Mogel, the father of the city’s twelfth fire chief Russell P., became a volunteer firemen for the Riverside Fire Company in 1922, at the age of 20. He then became an extra driver for the Riversides in 1926, and a paid driver in 1927. Paul Mogel continued to be a paid driver for his home company until his retirement on December 17, 1967.
His memories of this fire were remarkable as he recalled what he saw during an interview in February 1999, at the age of 96. Paul remembered standing with his mother on the northeast corner of 5th and Penn streets near Stichter’s Hardware, watching both the flames burning through the roof in the back portion of the Whitner building, and also mesmerized by the Liberty’s 1881 horse-drawn, second-class Silsby steamer, as its black smoke and ashes pushed from the boiler stack.
Paul then watched as a steamer hooked up to a hydrant in front of the Christ Episcopal Church, located on the northwest corner of 5th and Court streets. As the men were stoking the steamer’s fire box, he recalled a horse-drawn wagon dropping hose from the steamer to the fire scene.
Later in life, Paul learned from the old-timers sitting around the Riverside’s engine house that the steamer and hose wagon belonged to the Riverside’s, his home company.
Throughout Paul’s career as a paid driver, he carried a box on the apparatus that contained a 35mm camera and a movie camera. For more than forty years, he ran fire calls and not once did he ever take a photo or movie of a fire he attended.
His last fire he lent a helping hand at was on February 20, 1978, when flames destroyed the vacant Outer Station passenger depot. Once Paul helped drag hose from the Riverside’s truck to the fire scene, he found his heart racing. The 75-year-old then knew that his days of fighting fires were over.

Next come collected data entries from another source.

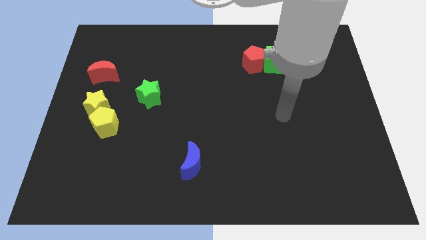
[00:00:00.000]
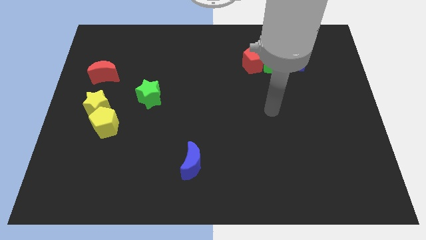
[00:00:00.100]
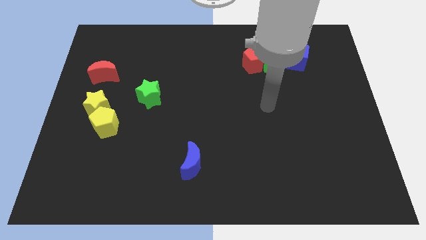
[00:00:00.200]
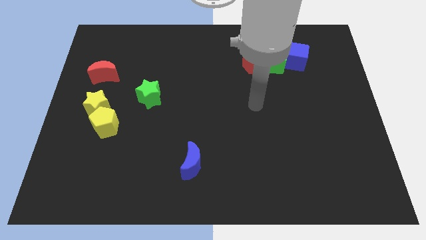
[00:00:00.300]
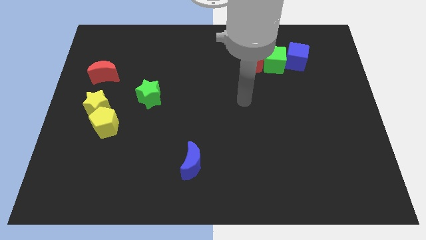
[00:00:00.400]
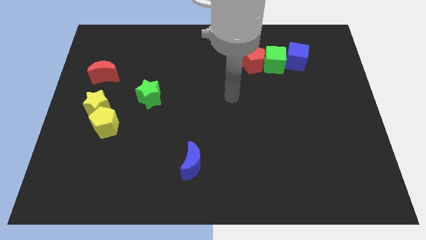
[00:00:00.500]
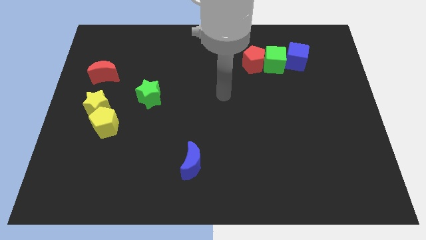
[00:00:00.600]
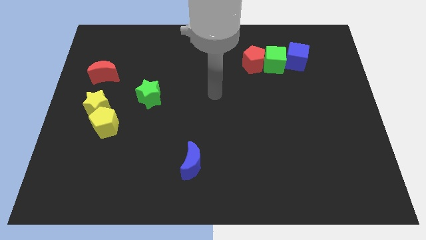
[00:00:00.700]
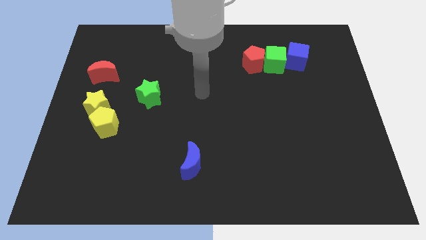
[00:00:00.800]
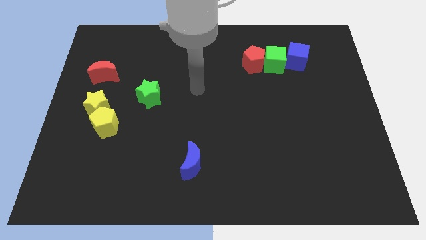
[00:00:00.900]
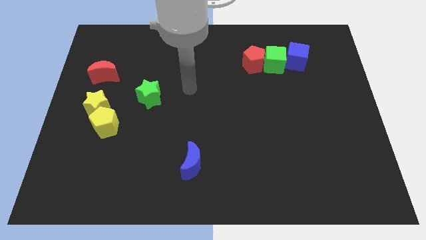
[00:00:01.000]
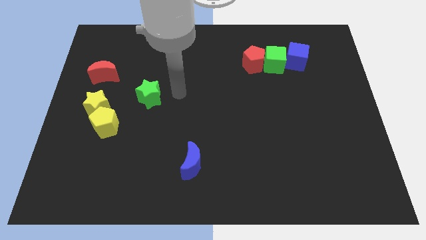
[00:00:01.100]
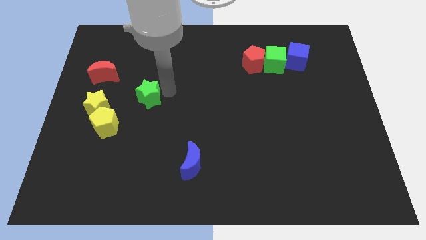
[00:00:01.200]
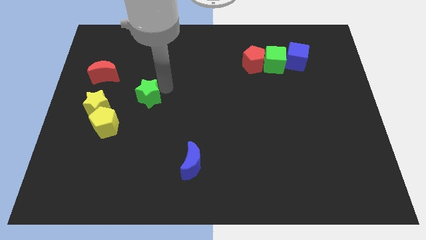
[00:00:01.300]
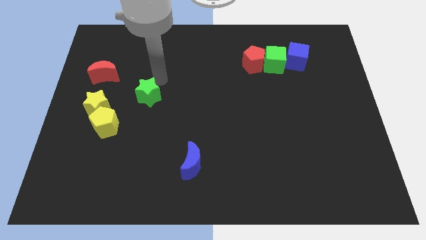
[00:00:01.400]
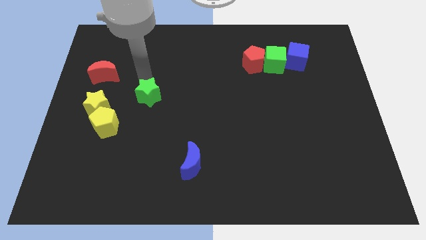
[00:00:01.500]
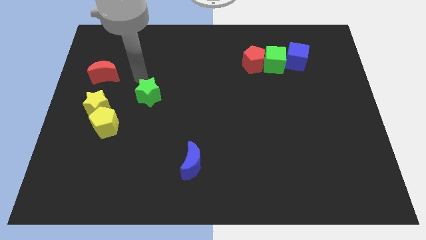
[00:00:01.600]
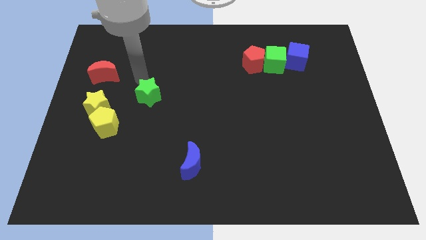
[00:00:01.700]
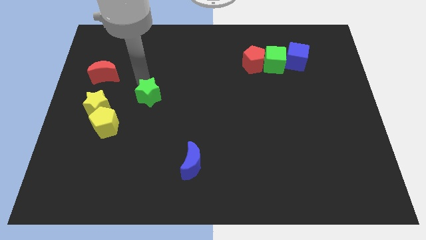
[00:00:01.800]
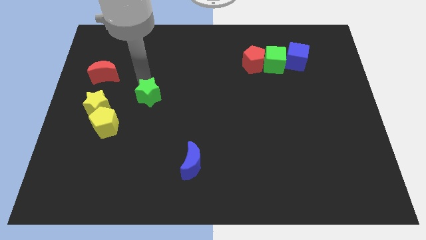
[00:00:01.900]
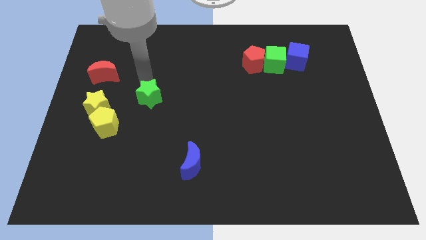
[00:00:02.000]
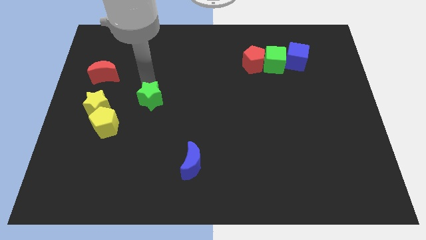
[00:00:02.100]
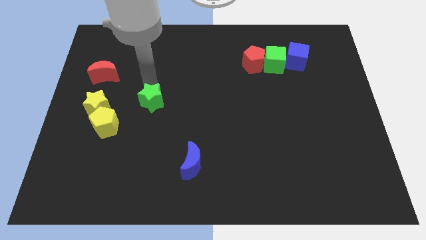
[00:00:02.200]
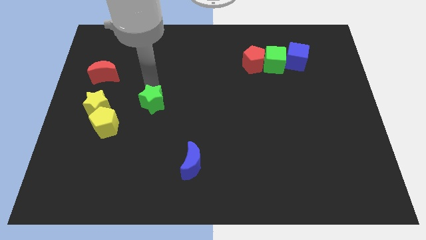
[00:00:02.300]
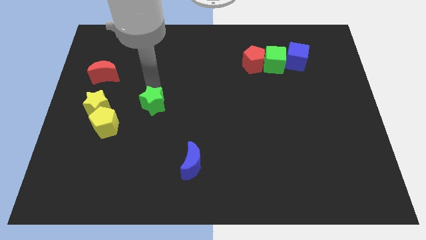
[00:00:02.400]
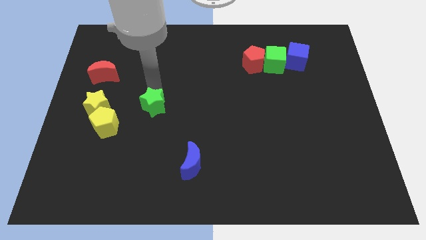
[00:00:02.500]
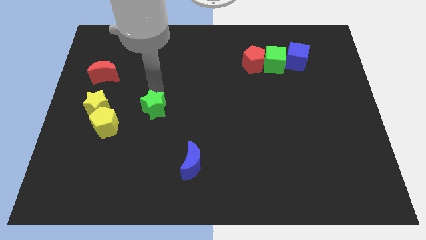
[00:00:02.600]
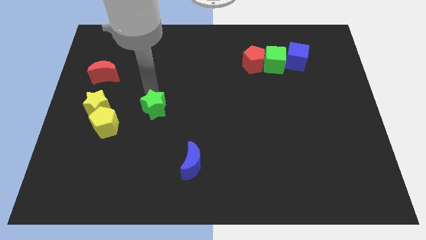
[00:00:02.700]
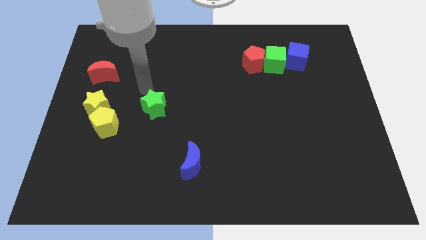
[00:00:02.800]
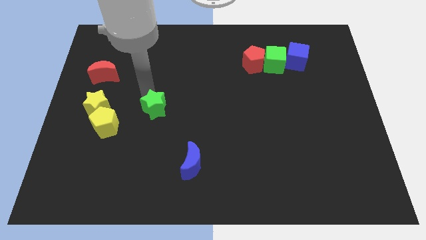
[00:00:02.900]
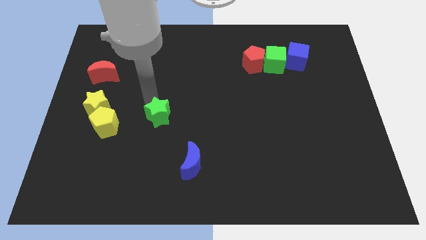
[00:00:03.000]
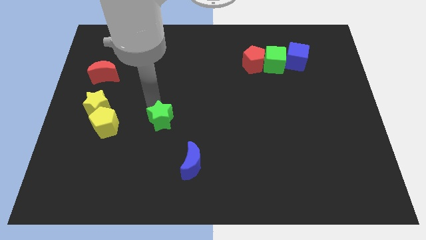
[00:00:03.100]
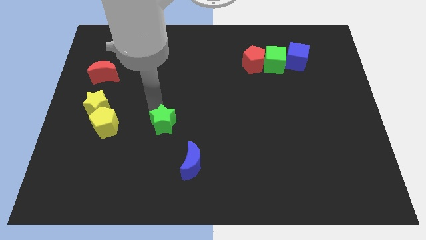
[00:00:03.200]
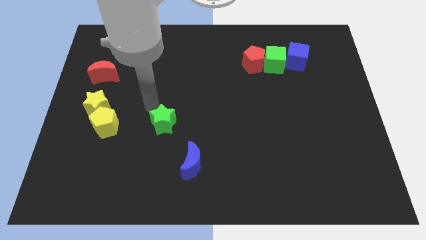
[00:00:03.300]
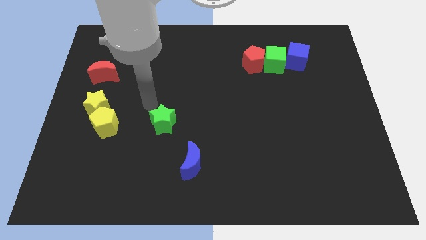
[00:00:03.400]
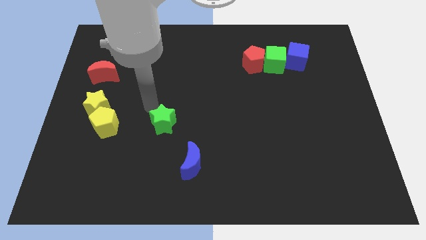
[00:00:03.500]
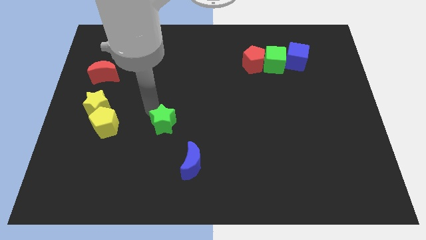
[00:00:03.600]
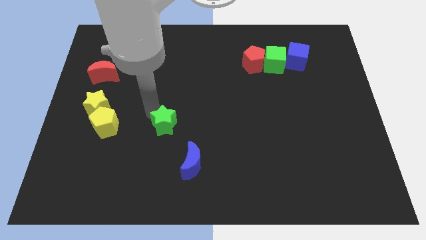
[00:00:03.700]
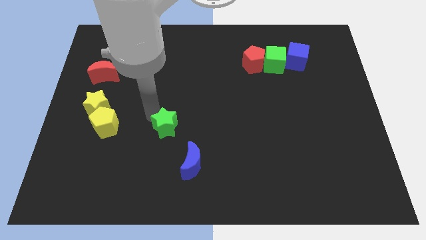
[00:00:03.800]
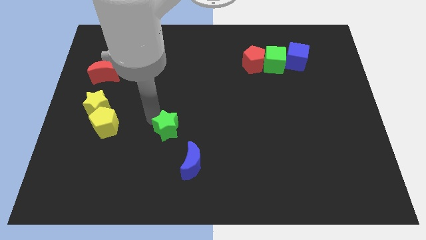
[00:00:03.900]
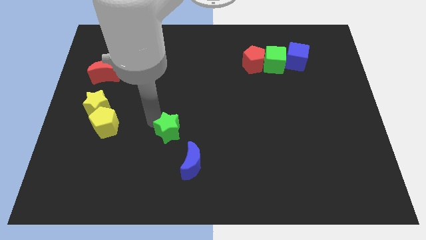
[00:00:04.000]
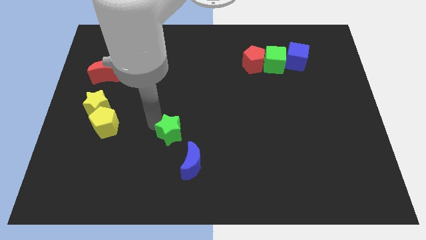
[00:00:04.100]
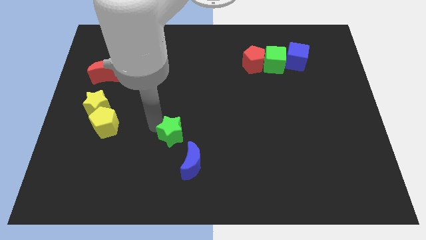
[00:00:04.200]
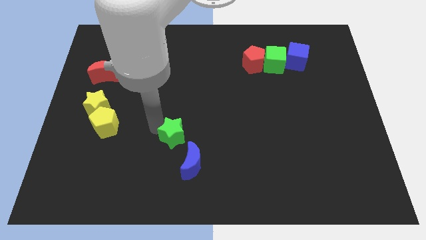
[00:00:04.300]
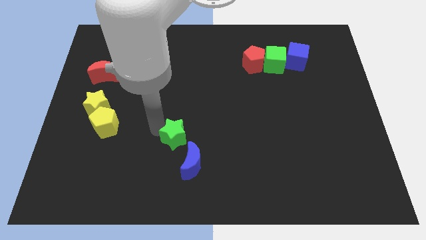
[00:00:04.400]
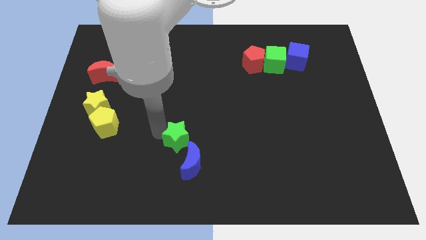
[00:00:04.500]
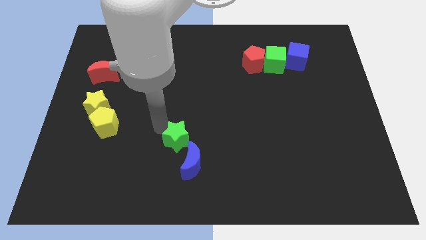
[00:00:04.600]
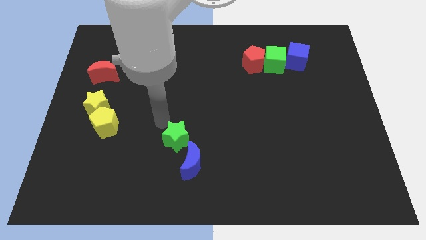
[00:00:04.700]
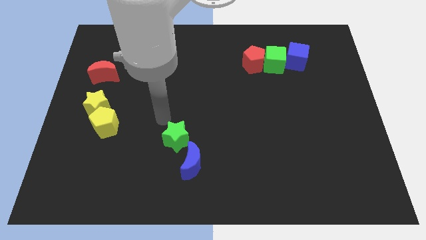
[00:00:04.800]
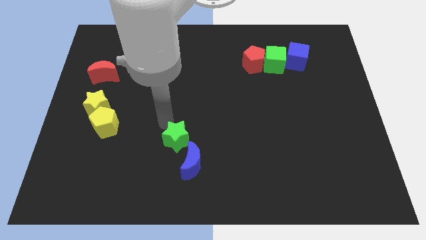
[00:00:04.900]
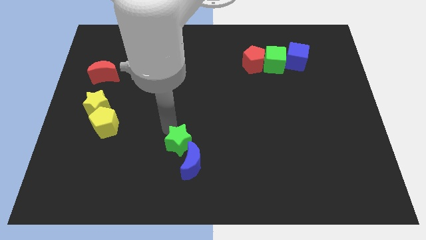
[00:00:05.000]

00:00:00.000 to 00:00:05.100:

Calvin K. Whitner was born and raised in Oley. He moved to Reading in 1868, taking a job with the Kline, Eppihimer and Company's Dry Good Store, 522 Penn street. He remained there until he went into business for himself. His first store, a 20 by 90 foot show room at 432 Penn Street, opened on Saturday, April 14, 1877. By the end of grand-opening day, he and his six employees recorded $159 in sales. At the end of 1877, his sales came to almost $37,000.
Soon after, he engaged in home deliveries, first by wheelbarrow manned by the store’s first driver, Wilson E.F. Miller. By 1890, they began using horse and wagon.
In 1883, Mr. Whitner moved to 442-444 Penn, which was a much larger 30 by 130 foot store with four-thousand square feet of room. Whitner decided that, with all the room he now had, to divide his trade into ten smaller departments. By 1891, the store expanded all the way to Cherry Street. Six years later, Whitner expanded again by taking possession of 438 and 440 Penn Street. One more year passed and by now, the store encompassed 60,000 square feet throughout four-stories along Penn Street and five-stories on Cherry Street.
His son, Harry K., became a part owner in 1889, but unfortunately, he died two years later before the store had taken off.
On March 19, 1900, the C. K. Whitner and Company’s Daylight Department Store became the very first place in the City of Reading to exhibit a new form of media, moving pictures. Groups of nearly eight-hundred people per show, crowded into the store to watched the “Passion Play,” a silent movie based on Christ. It was shown three times a day for two weeks straight.
One-hundred and twenty-one days after the destructive fire, the store was rebuilt and open for business, this time at 90,000 square feet of room.